Mansfield was with husband No. 2, Mickey Hargitay, when Mariska was born in 1964. By then, Mansfield was pretty much locked into exploiting her own sexy image at personal appearances and club reviews.

The documentary becomes more about Mariska in the second half, although the director never gets in the way of rediscovering and rehabilitating her mother’s reputation. Among the startling revelations in the second half is that Mickey Hargitay was not really her father. Mariska learns at 25, after a happy childhood being raised by Mickey and his third wife, that she was the result of an affair between her mother and a Vegas crooner named Nelson Sardelli.
This did not provoke sympathy toward her mother and also cast doubts upon the trust she had enjoyed with the man who had raised her. Whe she was 30, Hargitay travelled to Vegas and, after a show, confronted her biological father. Miraculously, that went really well with talks lasting through the night. Feelings of abandonment were addressed. Hargitay was not looking for a father figure; she already had one in Mickey, and they remained close right up to his death in 2007.
Sardelli was the first one interviewed by Hargitay for the documentary, a process that went so well and without judgement that it set the tone for subsequent interviews. He talks not of a tawdry affair but a true love match. Hargitay was thrilled to learn that she had a whole family of half brothers and sisters, most of whom are also featured in the film and are just as cool as their dad.

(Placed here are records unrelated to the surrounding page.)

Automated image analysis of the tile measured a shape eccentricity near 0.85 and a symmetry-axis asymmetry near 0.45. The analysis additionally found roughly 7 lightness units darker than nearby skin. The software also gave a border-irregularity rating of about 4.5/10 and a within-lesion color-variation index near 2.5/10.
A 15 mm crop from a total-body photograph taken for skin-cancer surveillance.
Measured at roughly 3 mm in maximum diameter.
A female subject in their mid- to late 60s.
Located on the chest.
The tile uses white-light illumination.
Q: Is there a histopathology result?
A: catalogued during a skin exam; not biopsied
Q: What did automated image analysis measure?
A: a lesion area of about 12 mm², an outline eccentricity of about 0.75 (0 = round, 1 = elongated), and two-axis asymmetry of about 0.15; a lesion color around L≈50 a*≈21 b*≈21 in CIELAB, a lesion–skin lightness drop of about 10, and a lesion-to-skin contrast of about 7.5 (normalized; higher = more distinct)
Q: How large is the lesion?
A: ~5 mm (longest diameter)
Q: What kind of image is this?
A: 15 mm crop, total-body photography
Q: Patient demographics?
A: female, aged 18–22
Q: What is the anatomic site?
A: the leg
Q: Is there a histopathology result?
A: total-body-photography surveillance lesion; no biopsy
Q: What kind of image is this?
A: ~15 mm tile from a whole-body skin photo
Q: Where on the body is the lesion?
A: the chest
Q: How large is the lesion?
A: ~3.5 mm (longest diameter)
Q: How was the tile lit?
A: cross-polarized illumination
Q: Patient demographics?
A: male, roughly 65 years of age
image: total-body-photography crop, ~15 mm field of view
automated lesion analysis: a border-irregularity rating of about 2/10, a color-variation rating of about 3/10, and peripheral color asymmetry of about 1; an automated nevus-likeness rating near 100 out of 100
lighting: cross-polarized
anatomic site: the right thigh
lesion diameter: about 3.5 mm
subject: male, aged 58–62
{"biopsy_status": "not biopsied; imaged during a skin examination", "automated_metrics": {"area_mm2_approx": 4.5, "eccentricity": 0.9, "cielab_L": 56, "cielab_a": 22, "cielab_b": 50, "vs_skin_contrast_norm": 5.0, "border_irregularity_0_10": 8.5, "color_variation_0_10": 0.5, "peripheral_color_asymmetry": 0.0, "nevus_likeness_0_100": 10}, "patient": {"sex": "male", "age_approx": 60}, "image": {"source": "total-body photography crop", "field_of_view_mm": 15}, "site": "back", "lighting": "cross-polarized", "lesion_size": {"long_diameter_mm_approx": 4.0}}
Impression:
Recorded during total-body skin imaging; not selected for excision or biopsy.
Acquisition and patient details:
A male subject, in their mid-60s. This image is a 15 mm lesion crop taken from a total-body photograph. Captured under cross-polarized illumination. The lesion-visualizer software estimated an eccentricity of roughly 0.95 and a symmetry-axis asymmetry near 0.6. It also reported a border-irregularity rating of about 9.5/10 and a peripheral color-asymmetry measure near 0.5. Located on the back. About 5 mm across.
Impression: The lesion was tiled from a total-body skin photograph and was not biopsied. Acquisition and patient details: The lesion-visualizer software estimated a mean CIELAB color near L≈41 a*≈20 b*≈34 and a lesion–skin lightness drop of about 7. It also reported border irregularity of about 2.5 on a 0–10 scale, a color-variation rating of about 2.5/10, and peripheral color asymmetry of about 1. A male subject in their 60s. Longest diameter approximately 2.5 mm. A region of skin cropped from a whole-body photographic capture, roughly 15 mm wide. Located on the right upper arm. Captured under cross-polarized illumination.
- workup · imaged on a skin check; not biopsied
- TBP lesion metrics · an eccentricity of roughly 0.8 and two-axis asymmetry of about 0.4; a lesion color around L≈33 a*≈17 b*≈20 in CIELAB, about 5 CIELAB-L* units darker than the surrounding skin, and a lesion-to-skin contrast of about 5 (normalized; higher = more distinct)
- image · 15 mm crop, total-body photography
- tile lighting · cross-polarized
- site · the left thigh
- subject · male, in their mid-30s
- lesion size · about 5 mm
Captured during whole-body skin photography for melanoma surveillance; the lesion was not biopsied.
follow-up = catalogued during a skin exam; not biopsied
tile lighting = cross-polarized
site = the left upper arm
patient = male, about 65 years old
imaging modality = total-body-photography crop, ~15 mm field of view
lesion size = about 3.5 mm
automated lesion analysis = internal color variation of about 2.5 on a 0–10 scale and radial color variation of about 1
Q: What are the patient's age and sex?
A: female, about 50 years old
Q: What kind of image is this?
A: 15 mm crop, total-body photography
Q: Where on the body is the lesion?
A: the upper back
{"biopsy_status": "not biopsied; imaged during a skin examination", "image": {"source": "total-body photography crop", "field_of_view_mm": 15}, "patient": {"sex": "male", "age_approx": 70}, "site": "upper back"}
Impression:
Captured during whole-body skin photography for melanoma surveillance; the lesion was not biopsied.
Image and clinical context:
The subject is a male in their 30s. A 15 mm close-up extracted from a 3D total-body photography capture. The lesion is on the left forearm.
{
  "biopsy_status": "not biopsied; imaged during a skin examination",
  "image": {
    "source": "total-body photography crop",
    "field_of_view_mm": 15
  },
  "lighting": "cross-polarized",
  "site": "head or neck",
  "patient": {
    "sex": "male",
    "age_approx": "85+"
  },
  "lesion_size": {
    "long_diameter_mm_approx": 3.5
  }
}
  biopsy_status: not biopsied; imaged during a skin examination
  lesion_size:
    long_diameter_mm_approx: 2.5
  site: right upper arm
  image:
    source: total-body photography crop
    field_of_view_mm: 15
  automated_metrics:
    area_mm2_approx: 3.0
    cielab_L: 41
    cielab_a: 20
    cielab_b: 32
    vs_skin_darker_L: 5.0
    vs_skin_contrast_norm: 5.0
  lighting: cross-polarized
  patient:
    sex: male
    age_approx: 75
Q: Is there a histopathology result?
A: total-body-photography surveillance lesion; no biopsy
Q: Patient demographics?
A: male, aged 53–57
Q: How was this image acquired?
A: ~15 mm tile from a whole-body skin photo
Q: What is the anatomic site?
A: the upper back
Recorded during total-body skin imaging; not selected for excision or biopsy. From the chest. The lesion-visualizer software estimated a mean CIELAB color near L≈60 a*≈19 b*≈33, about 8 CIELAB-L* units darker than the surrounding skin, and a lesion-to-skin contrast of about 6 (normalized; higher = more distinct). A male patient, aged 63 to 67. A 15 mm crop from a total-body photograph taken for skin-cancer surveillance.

The eventual take away is that the little girl who survived a horrible car accident and lost her mother at three discovers in her sixties that, despite some crazy twists and turns, she was always loved. My Mom Jayne turns a notorious tabloid queen and a victim of a violent death into an accomplished working woman and mother to be admired for more than her measurements. Thanks to a daughter who took the long view, what Groucho tried to explain in 1961 is made clear in 2025. The secret word is “feel-good.”
My Mom Jayne can be streamed now on demand on HBO Max and on Crave.